I glanced at the clock and it read 7:23. School starts at 8:10, so I've got plenty of time.

I went downstairs and got some cinnamon toast crunch for breakfast. My favorite!

I finished the bowl, and washed my dish, then I got an apple, washed that, and went back upstairs.
While I ate my apple, I got my school supplies together. After finishing the apple, I went to brush my teeth.

I flossed (which hurts a bit but I don't want to get my teeth drilled cause the needle is huge and looks scary) and waited in the hallway for my brother to come out.

In the meantime, I texted my best friend Samantha. She's like a sister to me. I haven't talked to her in the three days that I've been here, and those days have been miserable even if I am being dramatic. Those three days don’t include the week that I lost my phone in all the packing. Plus, I had to help drive which was so not fun.

"Ready?" I heard my brother ask from behind me. Startled me a little but I shook it off.

"Well, duh, I've been waiting forever.
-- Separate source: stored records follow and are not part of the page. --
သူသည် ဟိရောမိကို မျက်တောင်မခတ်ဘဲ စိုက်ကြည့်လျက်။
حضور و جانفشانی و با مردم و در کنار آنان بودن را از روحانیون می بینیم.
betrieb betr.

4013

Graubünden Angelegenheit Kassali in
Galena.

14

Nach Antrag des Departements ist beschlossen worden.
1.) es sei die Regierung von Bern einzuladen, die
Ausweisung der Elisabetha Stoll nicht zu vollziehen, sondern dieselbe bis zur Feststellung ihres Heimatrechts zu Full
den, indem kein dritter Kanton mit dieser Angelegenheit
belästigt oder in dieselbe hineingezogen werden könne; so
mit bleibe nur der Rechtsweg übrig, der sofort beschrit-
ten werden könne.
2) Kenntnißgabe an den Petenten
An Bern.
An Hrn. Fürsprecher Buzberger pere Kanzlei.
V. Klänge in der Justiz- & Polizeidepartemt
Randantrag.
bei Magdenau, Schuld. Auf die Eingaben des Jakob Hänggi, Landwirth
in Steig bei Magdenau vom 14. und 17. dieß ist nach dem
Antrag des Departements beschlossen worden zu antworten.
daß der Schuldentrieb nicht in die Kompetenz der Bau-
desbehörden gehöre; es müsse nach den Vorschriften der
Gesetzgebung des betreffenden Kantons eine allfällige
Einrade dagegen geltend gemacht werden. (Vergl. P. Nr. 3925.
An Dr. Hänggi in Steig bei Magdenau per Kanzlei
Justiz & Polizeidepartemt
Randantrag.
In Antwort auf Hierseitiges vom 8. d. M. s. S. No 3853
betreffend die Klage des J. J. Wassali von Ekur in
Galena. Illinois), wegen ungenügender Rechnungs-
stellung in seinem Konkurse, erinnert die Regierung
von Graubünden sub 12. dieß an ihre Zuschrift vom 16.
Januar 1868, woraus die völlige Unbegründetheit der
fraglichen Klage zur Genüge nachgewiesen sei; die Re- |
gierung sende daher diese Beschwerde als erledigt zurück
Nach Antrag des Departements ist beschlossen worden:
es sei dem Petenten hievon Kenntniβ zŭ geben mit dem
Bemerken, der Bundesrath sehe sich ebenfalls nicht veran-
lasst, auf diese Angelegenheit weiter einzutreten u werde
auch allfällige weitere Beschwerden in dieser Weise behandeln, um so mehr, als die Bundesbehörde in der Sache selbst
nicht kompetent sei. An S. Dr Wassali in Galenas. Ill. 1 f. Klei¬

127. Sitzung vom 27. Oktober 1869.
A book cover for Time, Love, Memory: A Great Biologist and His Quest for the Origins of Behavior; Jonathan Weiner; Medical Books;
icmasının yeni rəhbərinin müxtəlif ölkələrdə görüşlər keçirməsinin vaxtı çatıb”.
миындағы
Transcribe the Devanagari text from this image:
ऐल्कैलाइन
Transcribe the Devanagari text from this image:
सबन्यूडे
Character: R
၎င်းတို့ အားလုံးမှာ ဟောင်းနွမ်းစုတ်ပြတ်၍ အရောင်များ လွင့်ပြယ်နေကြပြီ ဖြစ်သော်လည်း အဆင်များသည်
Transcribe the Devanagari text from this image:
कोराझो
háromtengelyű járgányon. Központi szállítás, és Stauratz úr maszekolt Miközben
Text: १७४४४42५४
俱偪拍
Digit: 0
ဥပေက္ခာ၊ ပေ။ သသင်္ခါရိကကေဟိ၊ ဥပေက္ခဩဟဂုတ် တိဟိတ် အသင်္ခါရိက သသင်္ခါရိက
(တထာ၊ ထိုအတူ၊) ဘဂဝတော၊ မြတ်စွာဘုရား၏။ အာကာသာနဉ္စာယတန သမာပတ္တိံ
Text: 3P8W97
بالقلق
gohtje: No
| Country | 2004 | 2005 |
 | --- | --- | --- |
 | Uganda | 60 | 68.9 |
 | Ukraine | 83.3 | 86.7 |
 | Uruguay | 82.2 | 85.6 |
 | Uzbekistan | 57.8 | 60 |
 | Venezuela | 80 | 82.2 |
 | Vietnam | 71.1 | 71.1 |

You're worse than girls." I laughed to myself and stood up.
He ruffled my hair and we headed down the stairs and out the door. He pulled his keys out of his pocket, prepared to unlock his car, but I stopped him.

"Let's walk to school! It'll be really nice. We can ride in the car tomorrow or something, this will be really nice for the morning," I explained. School was about a twenty-minute walk (I think) and I like walking too. I love the fresh smell of outdoors and the vibrant shades of green make me happy. And the trees are beautiful! This place has awesome scenery. There's also a big huge, open field with a sign that says public area. We drove by when we got here a few days ago.

"We should so get a dog," I commented to Sam as we walked by the field.

"Yeah, if mom's okay with that," he casually countered.

"It's not like she would be home to worry about it anyway," I grumbled quietly. A dog would be so nice, especially to make up for the lack of love and affection that I'm feeling, not that Sam is doing an awful job.

We walked passed the school entrance gates and the parking lot was packed! My eyes bugged out as
I surveyed the place. It was huge and the parking lot was full of more than just cars; it was littered with high school boys.

I latched onto Sam's arm and held his hand with everything in me. The panic I was feeling yesterday came back with full force along with anxiety and my armpits started sweating.

"Come on Camille. They're not gonna do anything to you. Besides, if anyone tries anything, they'll have to get through me, okay? So just relax," he whispered to me as he rubbed my back in a soothing manner. I nodded my head and swallowed hard, trying to calm my breathing. The last thing I needed was an asthma attack; it's been far too long since I last had one.

I didn't doubt my brother's words, I believed him to the fullest, but his words didn't help with the fact that everyone was gawking, even a few low whistles could be heard and it felt like eyes were burning a hole through my back!

I can tell that my first day of senior year is gonna be stressful.